Hace algunos meses, en un curso para profesores sobre disciplina positiva se nos indicaba que para no dañar la autoestima de los alumnos no había que decirles “lo que hacían mal”, sino que solo había que expresar “lo que podían mejorar”. Estoy de acuerdo en que hay que subrayar lo que los niños o jóvenes hacen bien porque, casi siempre, insistimos en sus errores y nuestras correcciones no sólo no sirven para que los alumnos se desarrollen, sino que muchas veces los hundimos. Pero entiendo que también hay que corregirles.
Creo que en esa artificiosidad del lenguaje de sustituir “lo que hacen mal”, por “lo que pueden mejorar” hay una manera de entender la persona perversa: la valoración de una persona responde a lo que hace, a algún logro personal (éxito profesional, buenas notas, títulos, fama, etc.).
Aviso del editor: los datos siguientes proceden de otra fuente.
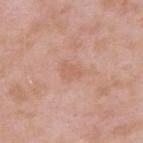Findings:
• biopsy status · total-body-photography surveillance lesion; no biopsy
• acquisition · ~15 mm crop, total-body skin-cancer survey
• patient · male, in their mid- to late 50s
• location · the back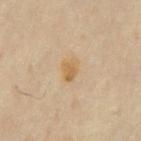Assessment: Imaged during a routine full-body skin examination; the lesion was not biopsied and no histopathology is available. Image and clinical context: A male patient aged 63 to 67. A region of skin cropped from a whole-body photographic capture, roughly 15 mm wide. Located on the chest. This is a cross-polarized tile. Longest diameter approximately 3 mm.

Otras veces también se pone el valor de alguien en lo que tiene, en sus características personales (inteligencia, belleza, etc.) o en el dinero, familia, etc.
Sin embargo, antes o después se producen los fracasos, y con ellos llegan la frustración, la minusvaloración personal y la depresión. Pero no sólo eso, la satisfacción que produce alcanzar los objetivos dura muy poco tiempo, y necesitamos buscar compulsivamente otros motivos para responder al impulso de la autoestima. Por eso los logros que indicábamos antes, una vez que se consiguen, ya no satisfacen o el reconocimiento que buscamos con ansiedad nunca es suficiente, como ocurre con los ‘likes’ de las redes sociales.
Como dice el psicólogo Davis Mills, la promoción de la autoestima ha hecho más daño que bien a la persona: “el concepto de autoestima conduce inevitablemente a la autocondenación”. Es decir, la autoestima y la autocondenación son dos caras de una misma moneda, y si buscamos una también conseguiremos la otra.
Poner nuestra valoración en lo que hacemos, lleva inevitablemente consigo que acabemos no estimándonos a nosotros mismos, porque tarde o temprano acabamos actuando inadecuadamente
En cambio, habría que conseguir que todas las personas se sintieran queridos incondicionalmente, es decir, que supieran que nuestro cariño no depende de cómo se comportan, sino que los queremos hagan lo que hagan, y que porque los queremos les corregimos.
A veces, oímos estas palabras de Jesús y nos sentimos incómodos: “cuando hayáis hecho cuanto os han mandado, decid: somos siervos inútiles, sólo hemos cumplido nuestro deber”. Pero está diciendo lo mismo: no tengo que creerme mejor por lo que hago, mi valor no está en mi modo de actuar. Porque mi valor está en lo que soy, “hijo de Dios” ¡nada más y nada menos!, “criatura predilecta del Señor de la vida”, hecha a “su imagen y semejanza”, “ser humano”. ¿SE PUEDE PEDIR MÁS?